Indirect/Conduit Bribes

Additionally, the FCPA prohibits indirect bribes or payments through intermediaries. Indirect bribes are made to a person while knowing that a portion of the payment will be used by that person in order to bribe foreign officials. In this context, the payor does not have to know with absolute certainty that some or all of the payment will be used to bribe a foreign official. Under current law, willful blindness to the likelihood of bribery is enough to establish the “knowing” element.

Accounting Provisions

In contrast with the anti-bribery provisions, the accounting provisions of the FCPA apply regardless of whether any bribery is involved. The accounting provisions require businesses to maintain records that are an accurate reflection of their transactions, and require businesses to maintain sufficient internal accounting controls. In doing so, these provisions work to prevent the use of accounting practices that are intended to conceal corrupt transactions. Additionally, since the accounting provisions of the FCPA lack a materiality requirement, a fraudulent transaction of any amount may support liability under the FCPA.

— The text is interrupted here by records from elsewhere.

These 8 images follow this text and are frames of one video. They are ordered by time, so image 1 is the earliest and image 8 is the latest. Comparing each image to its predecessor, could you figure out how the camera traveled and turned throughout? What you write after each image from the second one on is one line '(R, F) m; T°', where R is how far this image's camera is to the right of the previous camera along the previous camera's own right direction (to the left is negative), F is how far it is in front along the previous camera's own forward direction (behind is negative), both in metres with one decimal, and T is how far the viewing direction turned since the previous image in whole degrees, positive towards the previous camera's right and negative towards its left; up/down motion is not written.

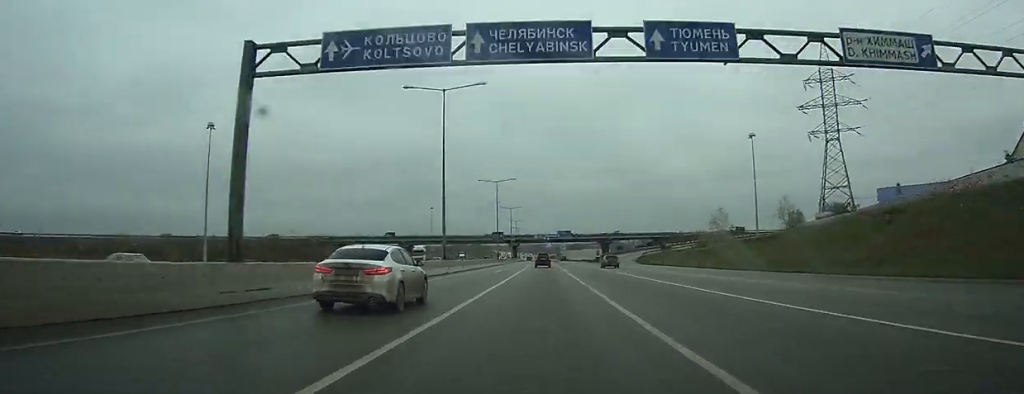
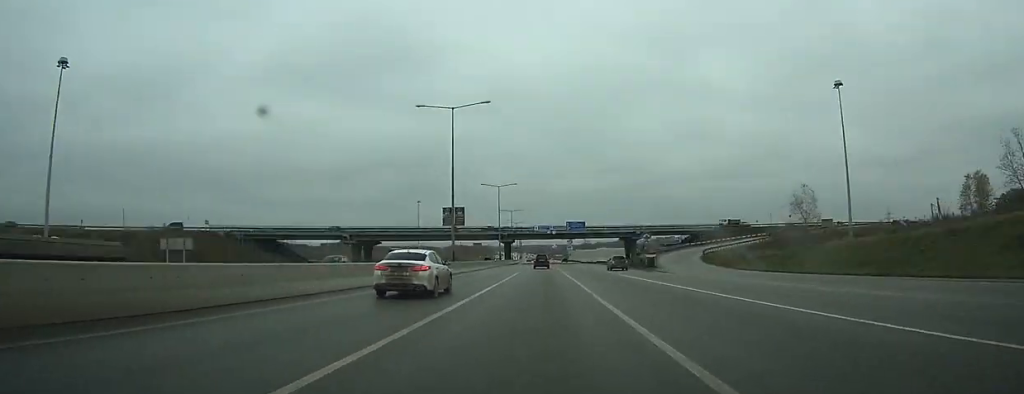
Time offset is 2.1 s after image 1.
(+0.3, +57.0) m; 0°
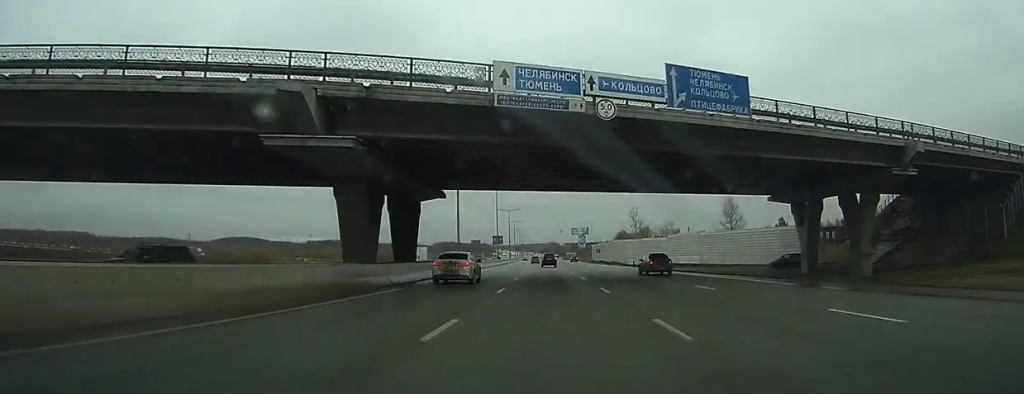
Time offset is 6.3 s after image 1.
(-2.2, +115.4) m; -2°
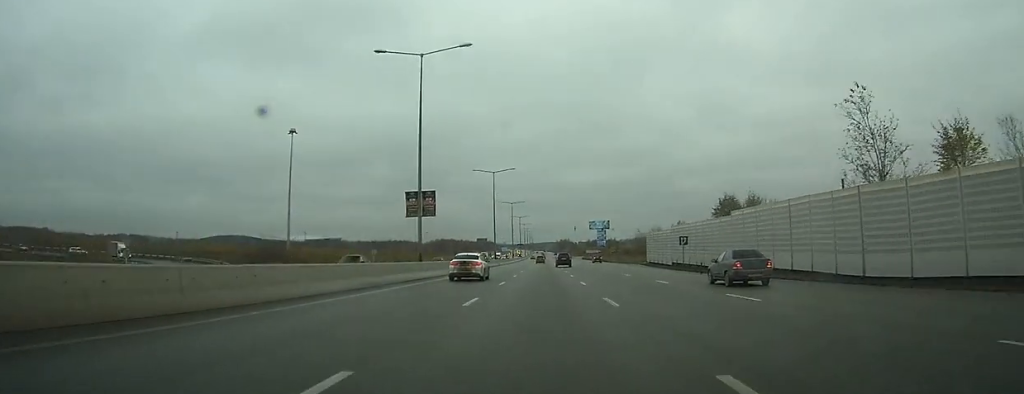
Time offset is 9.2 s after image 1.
(-1.5, +77.7) m; -1°
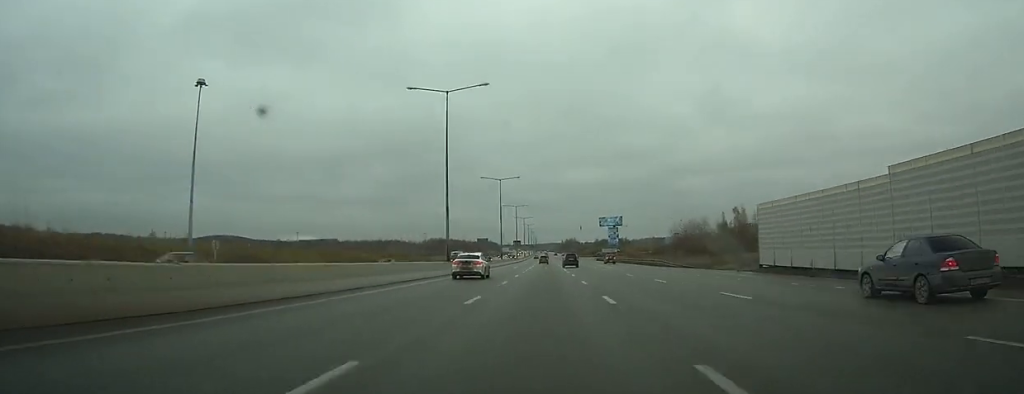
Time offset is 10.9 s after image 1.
(0.0, +47.3) m; 0°
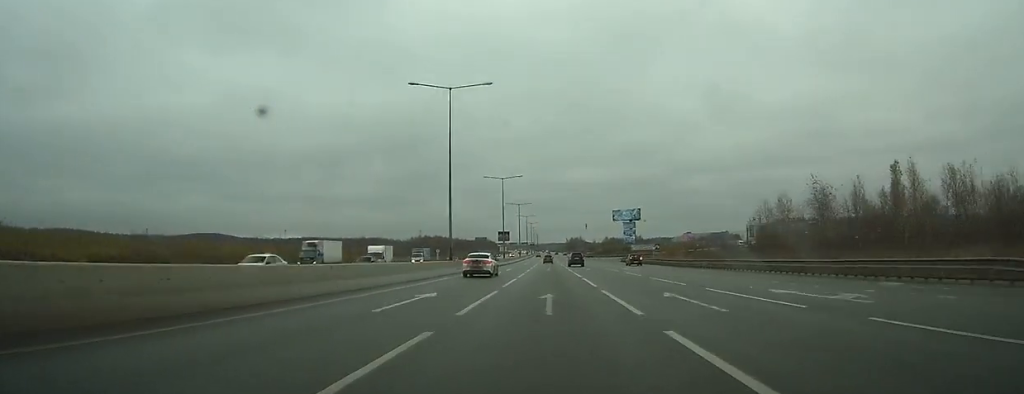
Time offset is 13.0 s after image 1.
(-0.3, +56.7) m; 0°
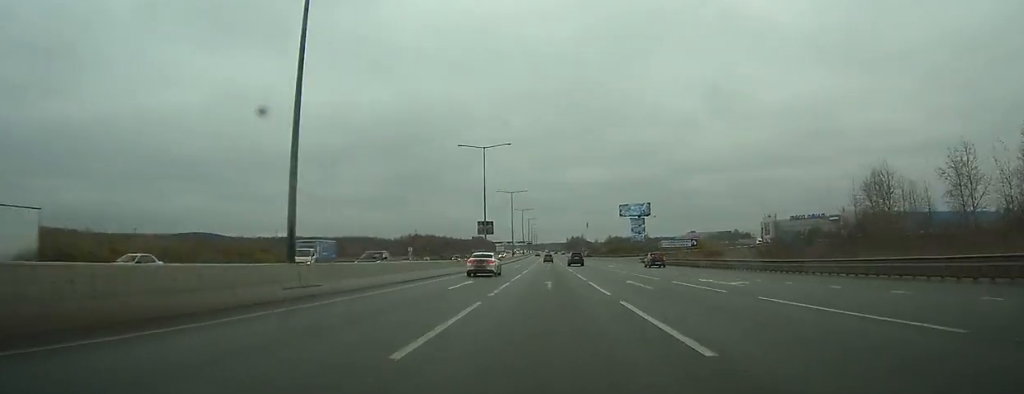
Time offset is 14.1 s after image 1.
(0.0, +29.4) m; 0°
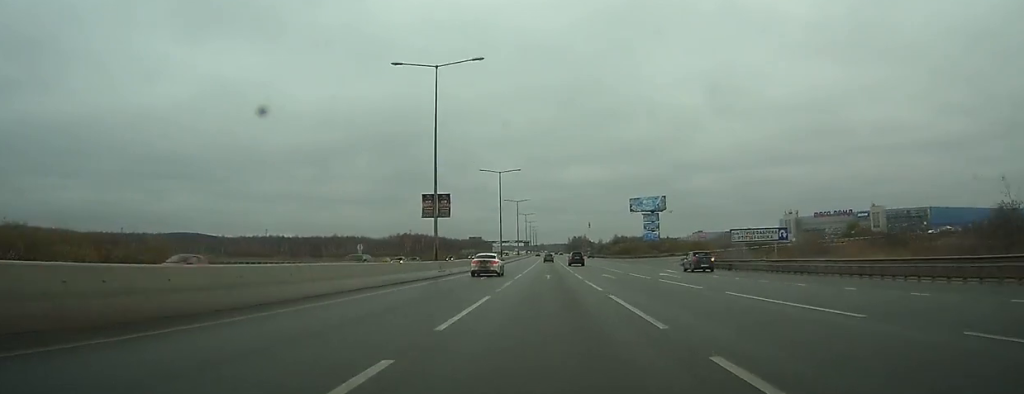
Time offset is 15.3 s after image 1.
(0.0, +33.0) m; 0°

The FCPA is jointly enforced by the SEC, which brings civil actions for FCPA violations, and the Department of Justice, which prosecutes criminal FCPA violations. If found to be in violation of the FCPA, individuals and corporations alike are subject to both criminal and civil penalties. The FCPA also prohibits an individual’s employer from indemnifying any fines imposed by the government.

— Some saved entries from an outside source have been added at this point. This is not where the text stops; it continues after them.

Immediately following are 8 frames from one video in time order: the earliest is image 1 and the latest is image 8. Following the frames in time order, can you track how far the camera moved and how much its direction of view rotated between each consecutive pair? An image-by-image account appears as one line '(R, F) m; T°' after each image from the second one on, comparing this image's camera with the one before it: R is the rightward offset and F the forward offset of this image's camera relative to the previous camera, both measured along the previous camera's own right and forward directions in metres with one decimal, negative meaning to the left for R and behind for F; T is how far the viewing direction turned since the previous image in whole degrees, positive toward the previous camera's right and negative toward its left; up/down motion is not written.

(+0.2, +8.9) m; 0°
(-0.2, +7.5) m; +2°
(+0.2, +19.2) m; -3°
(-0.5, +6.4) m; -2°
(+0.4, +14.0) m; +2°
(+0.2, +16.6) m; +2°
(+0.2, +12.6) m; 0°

For each violation of the anti-bribery provisions, business entities face a fine of up to $2 million. Individuals face a fine of up to $100,000 and a maximum of five years’ imprisonment. For each violation of the accounting provisions, business entities face a fine of up to $25 million.  Individuals face a fine of up to $5 million and a maximum of 20 years’ imprisonment.

Additionally, all FCPA-mandated criminal fines may be increased to equate to twice the amount gained by the offender or to twice the loss incurred by another individual. Further penalties may include supplementary criminal or civil actions under the Racketeer Influenced and Corrupt Organizations Act (RICO), suspension of export licenses, disgorgement, possible debarment from the securities industry and certain federal programs, or required oversight by an independent compliance monitor. Violations may also result in undesirable publicity, which may adversely impact a company’s reputation and ability to conduct business.

Routine Governmental Action Exception and Defenses.

There is an exception to the FCPA with respect to any “facilitating or expediting payment” that is used to further the performance of a routine governmental action, such as non-discretionary acts. However, the exception is not satisfied when a payment is made to a foreign official with discretion to continue business with the payor.

There are also two notably affirmative defenses available under the FCPA. A defendant may have an affirmative defense if they are able to show that the payment was lawful under the laws of the foreign official’s country or that the payment was related to a reasonable and bona fide expenditure. Such expenditures include payments made directly relating to the promotion or explanation of a product or service, as well as limited travel expenses.